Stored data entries
----
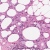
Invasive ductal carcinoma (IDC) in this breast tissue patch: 0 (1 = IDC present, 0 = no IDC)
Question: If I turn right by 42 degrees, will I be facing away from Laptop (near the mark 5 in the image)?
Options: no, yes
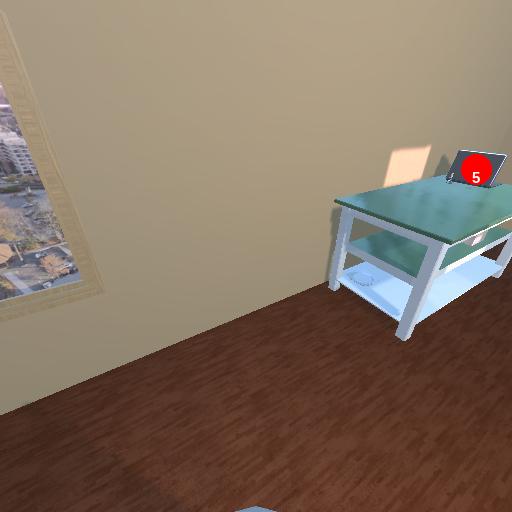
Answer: no
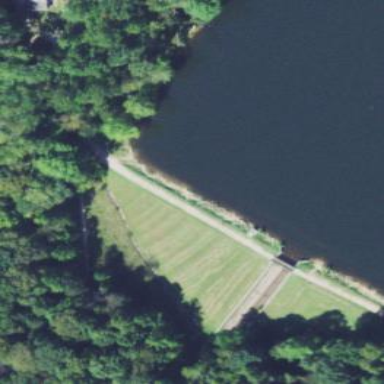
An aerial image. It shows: Dam across waterway.
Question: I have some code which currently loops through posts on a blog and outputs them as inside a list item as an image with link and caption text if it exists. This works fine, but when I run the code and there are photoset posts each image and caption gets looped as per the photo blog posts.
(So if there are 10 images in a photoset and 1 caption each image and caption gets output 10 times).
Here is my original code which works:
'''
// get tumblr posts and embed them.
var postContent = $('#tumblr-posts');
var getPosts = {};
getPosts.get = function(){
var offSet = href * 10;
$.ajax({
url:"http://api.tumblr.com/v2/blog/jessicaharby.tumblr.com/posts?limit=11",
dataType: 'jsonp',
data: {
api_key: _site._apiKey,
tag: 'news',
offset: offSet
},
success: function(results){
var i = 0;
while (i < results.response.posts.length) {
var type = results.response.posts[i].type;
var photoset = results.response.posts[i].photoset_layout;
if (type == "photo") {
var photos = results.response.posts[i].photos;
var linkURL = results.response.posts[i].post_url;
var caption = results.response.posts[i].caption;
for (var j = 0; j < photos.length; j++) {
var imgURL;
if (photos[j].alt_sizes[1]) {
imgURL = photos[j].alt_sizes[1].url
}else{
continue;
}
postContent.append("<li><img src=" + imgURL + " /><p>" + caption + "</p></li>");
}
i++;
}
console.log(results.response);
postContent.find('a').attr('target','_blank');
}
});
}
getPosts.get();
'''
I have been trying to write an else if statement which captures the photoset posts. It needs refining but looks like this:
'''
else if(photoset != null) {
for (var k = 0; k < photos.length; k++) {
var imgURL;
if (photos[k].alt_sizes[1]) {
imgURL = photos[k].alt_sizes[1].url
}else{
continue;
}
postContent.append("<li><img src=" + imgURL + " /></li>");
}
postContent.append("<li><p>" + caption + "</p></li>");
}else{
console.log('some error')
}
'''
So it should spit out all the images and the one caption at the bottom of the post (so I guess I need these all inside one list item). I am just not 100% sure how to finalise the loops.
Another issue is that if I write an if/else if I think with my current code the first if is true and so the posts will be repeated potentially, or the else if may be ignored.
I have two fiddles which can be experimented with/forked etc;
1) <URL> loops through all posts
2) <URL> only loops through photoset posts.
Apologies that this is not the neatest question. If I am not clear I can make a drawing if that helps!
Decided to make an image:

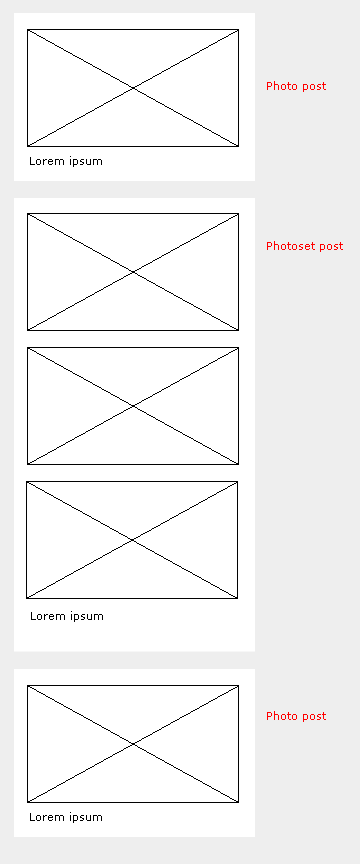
----
:: TASK OBJECTIVE ::
Your job is to transcribe the entries above exactly; skip the pictures.

:: YOUR RESPONSE ::
Invasive ductal carcinoma (IDC) in this breast tissue patch: 0 (1 = IDC present, 0 = no IDC)
Question: If I turn right by 42 degrees, will I be facing away from Laptop (near the mark 5 in the image)?
Options: no, yes
Answer: no
An aerial image. It shows: Dam across waterway.
Question: I have some code which currently loops through posts on a blog and outputs them as inside a list item as an image with link and caption text if it exists. This works fine, but when I run the code and there are photoset posts each image and caption gets looped as per the photo blog posts.
(So if there are 10 images in a photoset and 1 caption each image and caption gets output 10 times).
Here is my original code which works:
'''
// get tumblr posts and embed them.
var postContent = $('#tumblr-posts');
var getPosts = {};
getPosts.get = function(){
var offSet = href * 10;
$.ajax({
url:"http://api.tumblr.com/v2/blog/jessicaharby.tumblr.com/posts?limit=11",
dataType: 'jsonp',
data: {
api_key: _site._apiKey,
tag: 'news',
offset: offSet
},
success: function(results){
var i = 0;
while (i < results.response.posts.length) {
var type = results.response.posts[i].type;
var photoset = results.response.posts[i].photoset_layout;
if (type == "photo") {
var photos = results.response.posts[i].photos;
var linkURL = results.response.posts[i].post_url;
var caption = results.response.posts[i].caption;
for (var j = 0; j < photos.length; j++) {
var imgURL;
if (photos[j].alt_sizes[1]) {
imgURL = photos[j].alt_sizes[1].url
}else{
continue;
}
postContent.append("<li><img src=" + imgURL + " /><p>" + caption + "</p></li>");
}
i++;
}
console.log(results.response);
postContent.find('a').attr('target','_blank');
}
});
}
getPosts.get();
'''
I have been trying to write an else if statement which captures the photoset posts. It needs refining but looks like this:
'''
else if(photoset != null) {
for (var k = 0; k < photos.length; k++) {
var imgURL;
if (photos[k].alt_sizes[1]) {
imgURL = photos[k].alt_sizes[1].url
}else{
continue;
}
postContent.append("<li><img src=" + imgURL + " /></li>");
}
postContent.append("<li><p>" + caption + "</p></li>");
}else{
console.log('some error')
}
'''
So it should spit out all the images and the one caption at the bottom of the post (so I guess I need these all inside one list item). I am just not 100% sure how to finalise the loops.
Another issue is that if I write an if/else if I think with my current code the first if is true and so the posts will be repeated potentially, or the else if may be ignored.
I have two fiddles which can be experimented with/forked etc;
1) <URL> loops through all posts
2) <URL> only loops through photoset posts.
Apologies that this is not the neatest question. If I am not clear I can make a drawing if that helps!
Decided to make an image:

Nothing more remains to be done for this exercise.